- Born: 6 February 1916 Hindley, Lancashire, England
- Died: 3 October 2006 (aged 90)
- Education: Manchester University
- Known for: Crank–Nicolson method
- Scientific career
- Fields: Mathematics
- Workplaces: Brunel University
- Doctoral advisor: William Lawrence Bragg

= John Crank =

English mathematical physicist

John Crank (6 February 1916 - 3 October 2006) was a mathematical physicist, best known for his work on the numerical solution of partial differential equations.

Crank was born in Hindley in Lancashire, England. His father was a carpenter's pattern-maker. Crank studied at Manchester University from 1934 to 1938, where he was awarded a BSc and MSc as a student of Lawrence Bragg and Douglas Hartree. In 1953, Manchester University awarded him a DSc.

He worked on ballistics during the Second World War, and was then a mathematical physicist at Courtaulds Fundamental Research Laboratory from 1945 to 1957. In 1957, he was appointed as the first Head of Department of Mathematics at Brunel College in Acton. He served two terms of office as vice-principal of Brunel before his retirement in 1981, when he was granted the title of professor emeritus.

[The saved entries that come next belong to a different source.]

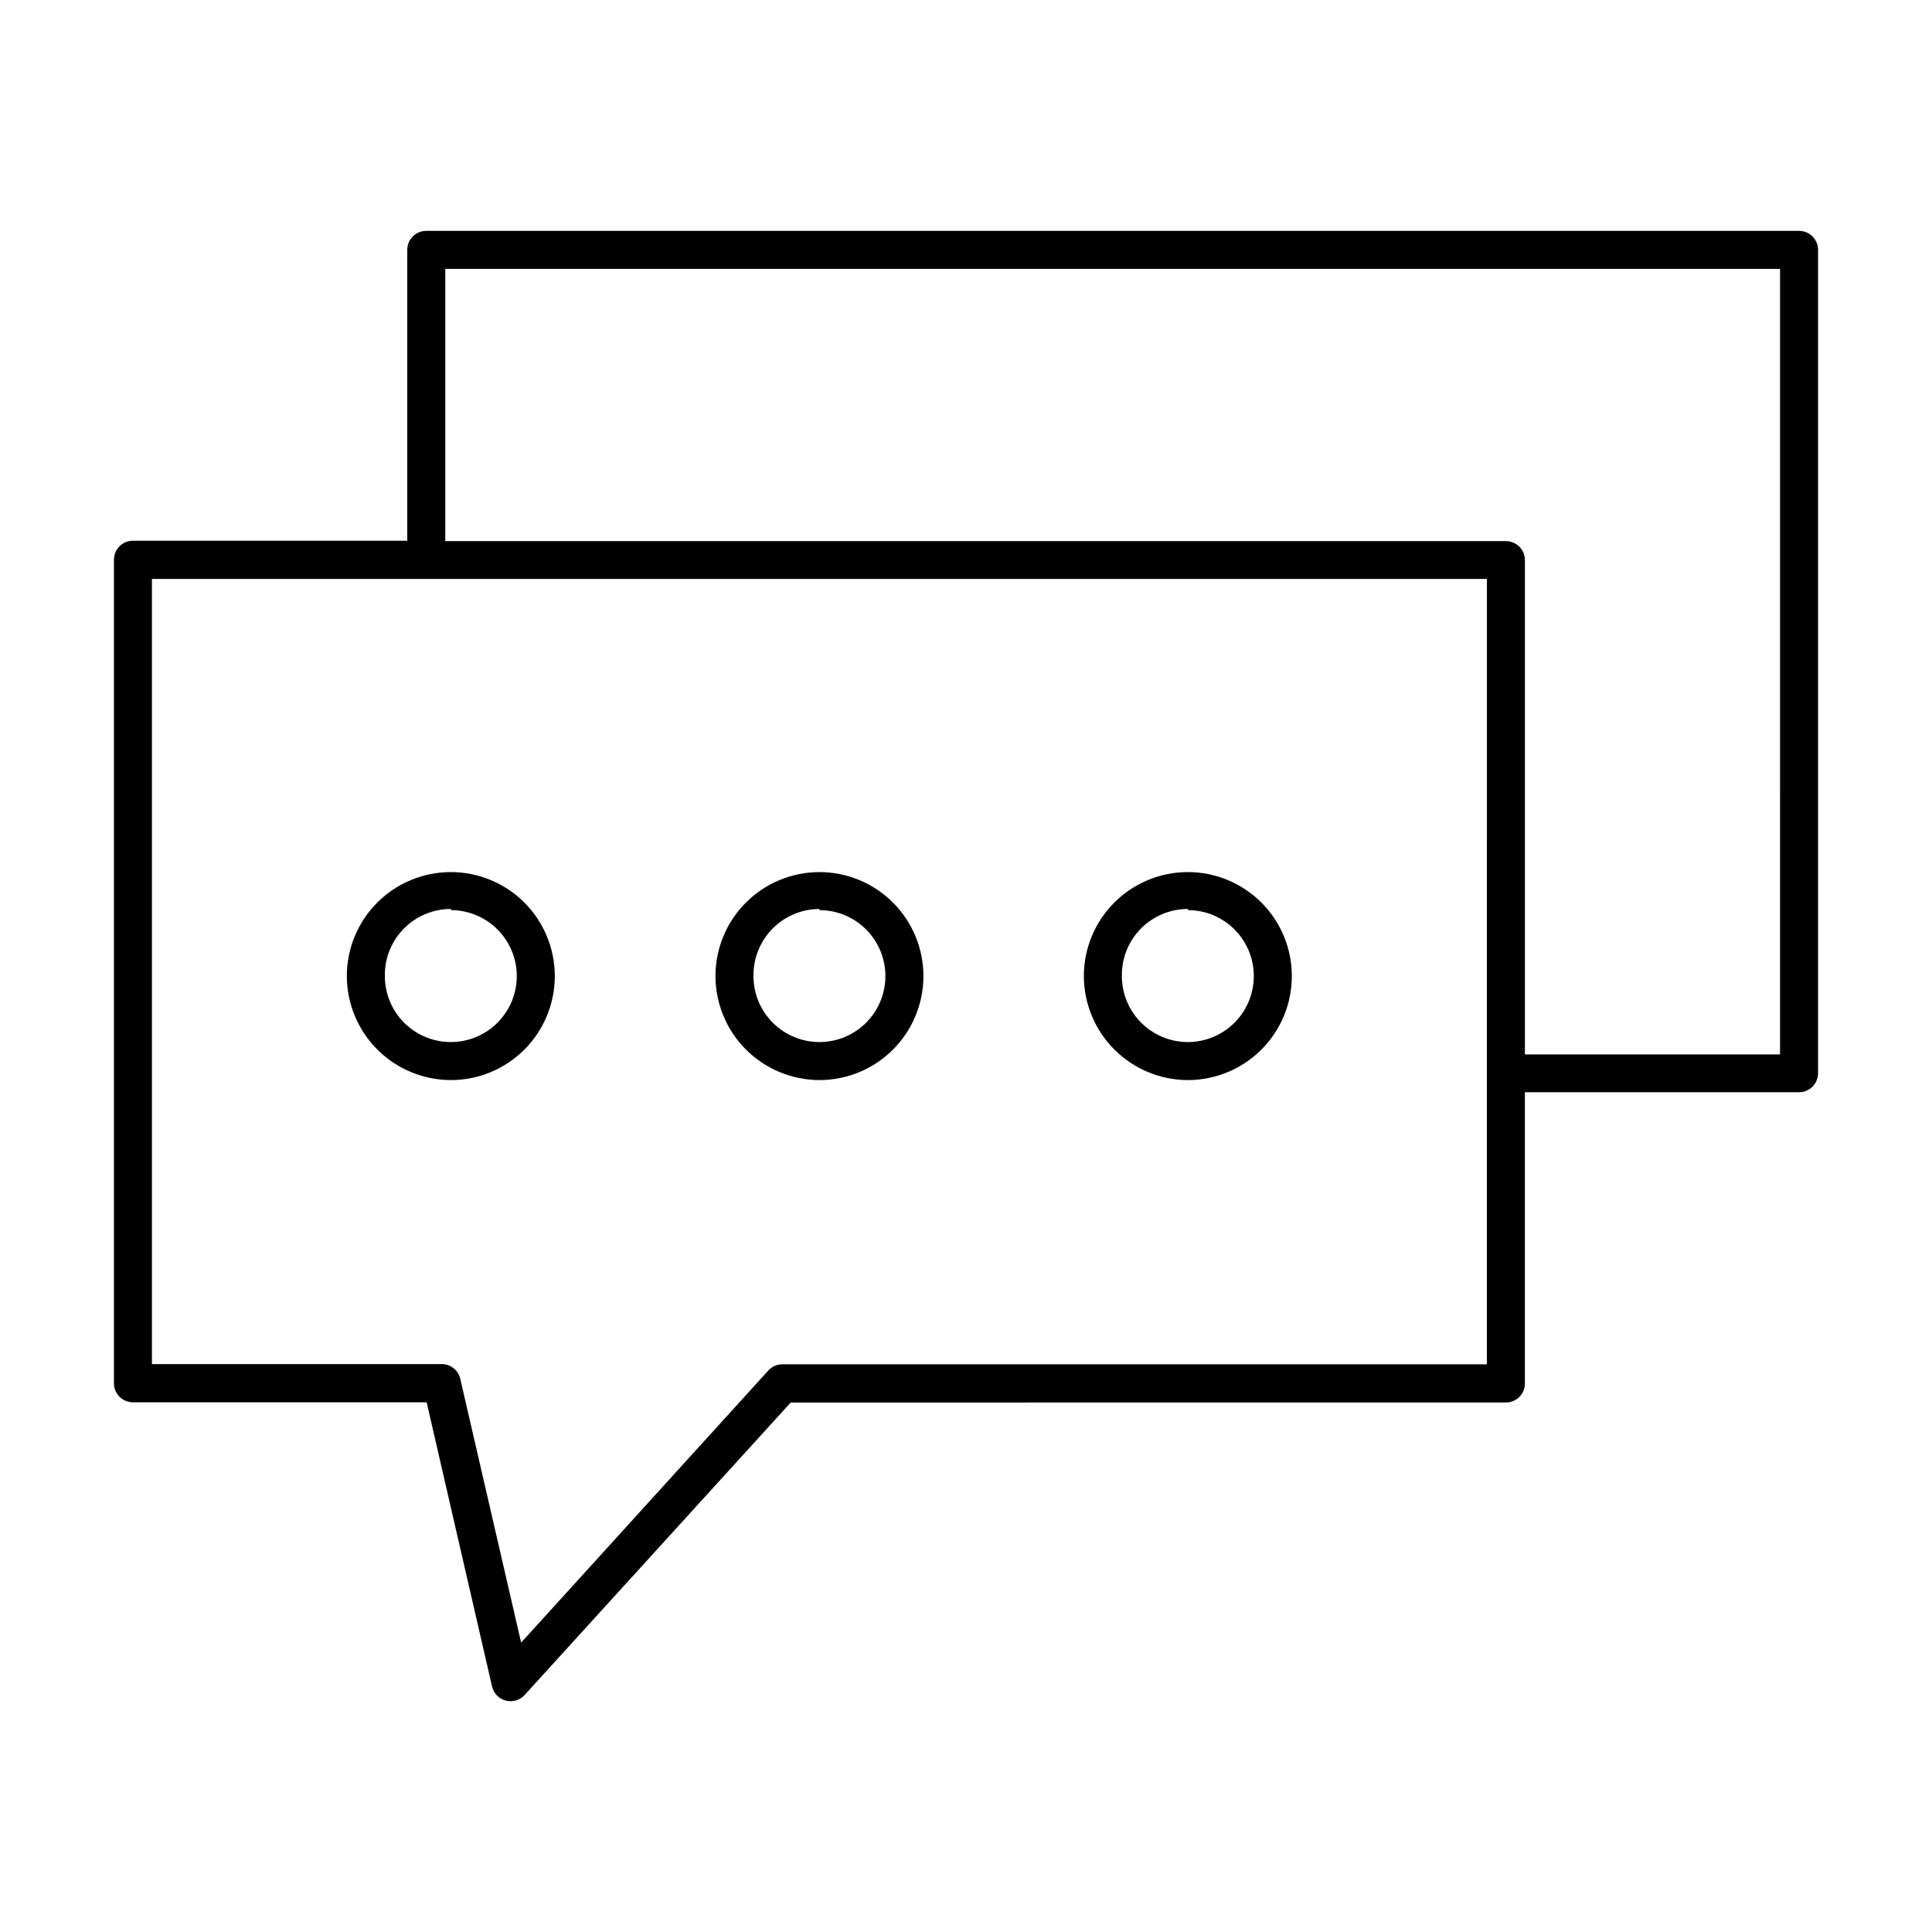 <?xml version="1.0" encoding="UTF-8"?>
<!-- Uploaded to: SVG Repo, www.svgrepo.com, Generator: SVG Repo Mixer Tools -->
<svg fill="#000000" width="800px" height="800px" version="1.1" viewBox="144 144 512 512" xmlns="http://www.w3.org/2000/svg">
 <g>
  <path d="m263.52 430.23c7.309-0.012 14.309-2.926 19.469-8.102 5.156-5.172 8.051-12.184 8.039-19.488-0.008-7.309-2.918-14.312-8.09-19.473-5.168-5.16-12.18-8.059-19.484-8.055-7.305 0.004-14.312 2.91-19.477 8.078-5.164 5.168-8.066 12.176-8.066 19.48 0.016 7.312 2.93 14.324 8.105 19.492 5.176 5.164 12.191 8.066 19.504 8.066zm0-45.039c4.633 0.012 9.074 1.863 12.344 5.148 3.266 3.285 5.098 7.734 5.09 12.367-0.012 4.633-1.859 9.074-5.141 12.344-3.281 3.273-7.727 5.109-12.359 5.106-4.633-0.008-9.074-1.852-12.352-5.129-3.273-3.277-5.113-7.723-5.113-12.355-0.082-4.695 1.73-9.23 5.031-12.574 3.297-3.348 7.805-5.223 12.5-5.211z"/>
  <path d="m361.16 430.23c7.309 0 14.316-2.902 19.484-8.07s8.074-12.18 8.074-19.488c0-7.309-2.906-14.316-8.074-19.484-5.168-5.168-12.176-8.074-19.484-8.074s-14.32 2.906-19.488 8.074c-5.168 5.168-8.07 12.176-8.07 19.484 0.012 7.305 2.918 14.309 8.086 19.473 5.164 5.164 12.168 8.074 19.473 8.086zm0-45.039c4.637 0 9.082 1.84 12.359 5.121 3.281 3.277 5.121 7.723 5.121 12.359s-1.84 9.082-5.121 12.363c-3.277 3.277-7.723 5.121-12.359 5.121s-9.086-1.844-12.363-5.121c-3.277-3.281-5.121-7.727-5.121-12.363-0.066-4.684 1.742-9.199 5.027-12.543 3.285-3.34 7.769-5.227 12.457-5.242z"/>
  <path d="m458.84 430.23c7.305-0.012 14.309-2.926 19.465-8.102 5.16-5.172 8.051-12.184 8.043-19.488-0.008-7.309-2.918-14.312-8.09-19.473-5.172-5.16-12.18-8.059-19.484-8.055-7.309 0.004-14.312 2.91-19.477 8.078-5.164 5.168-8.066 12.176-8.066 19.48 0.016 7.312 2.93 14.324 8.105 19.492 5.176 5.164 12.191 8.066 19.504 8.066zm0-45.039c4.633 0.012 9.07 1.863 12.34 5.148 3.269 3.285 5.102 7.734 5.09 12.367-0.008 4.633-1.855 9.074-5.137 12.344-3.281 3.273-7.727 5.109-12.359 5.106-4.633-0.008-9.078-1.852-12.352-5.129-3.273-3.277-5.113-7.723-5.113-12.355-0.082-4.695 1.73-9.23 5.027-12.574 3.301-3.348 7.805-5.223 12.504-5.211z"/>
  <path d="m256.97 205.18c-2.785 0-5.039 2.254-5.039 5.039v77.082h-72.699c-2.785 0-5.039 2.254-5.039 5.039v218.25c0 1.336 0.531 2.617 1.477 3.562 0.945 0.945 2.227 1.473 3.562 1.473h77.836l17.332 75.32c0.426 1.82 1.82 3.254 3.625 3.731 1.805 0.477 3.727-0.086 4.992-1.461l70.535-77.535 189.53-0.004c1.336 0 2.617-0.531 3.562-1.473 0.941-0.945 1.473-2.227 1.473-3.562v-77.184h72.652c1.336 0 2.617-0.531 3.562-1.477 0.941-0.945 1.473-2.227 1.473-3.562v-218.2c0-1.336-0.531-2.617-1.473-3.562-0.945-0.945-2.227-1.477-3.562-1.477zm281.07 300.37h-186.71c-1.422 0.004-2.777 0.605-3.731 1.664l-65.496 72.094-16.121-69.879c-0.527-2.344-2.637-3.988-5.039-3.93h-76.68v-208.07h353.78zm77.688-82.121h-67.613v-130.99c0-1.336-0.531-2.617-1.473-3.562-0.945-0.941-2.227-1.473-3.562-1.473h-281.08v-72.148h353.73z"/>
 </g>
</svg>

Crank's main work was on the numerical solution of partial differential equations and, in particular, the solution of heat-conduction problems. He is best known for his work with Phyllis Nicolson on the heat equation, which resulted in the Crank-Nicolson method.

He was a keen gardener and established the John Crank Garden as a retirement gift to Brunel University. His wife was Joan.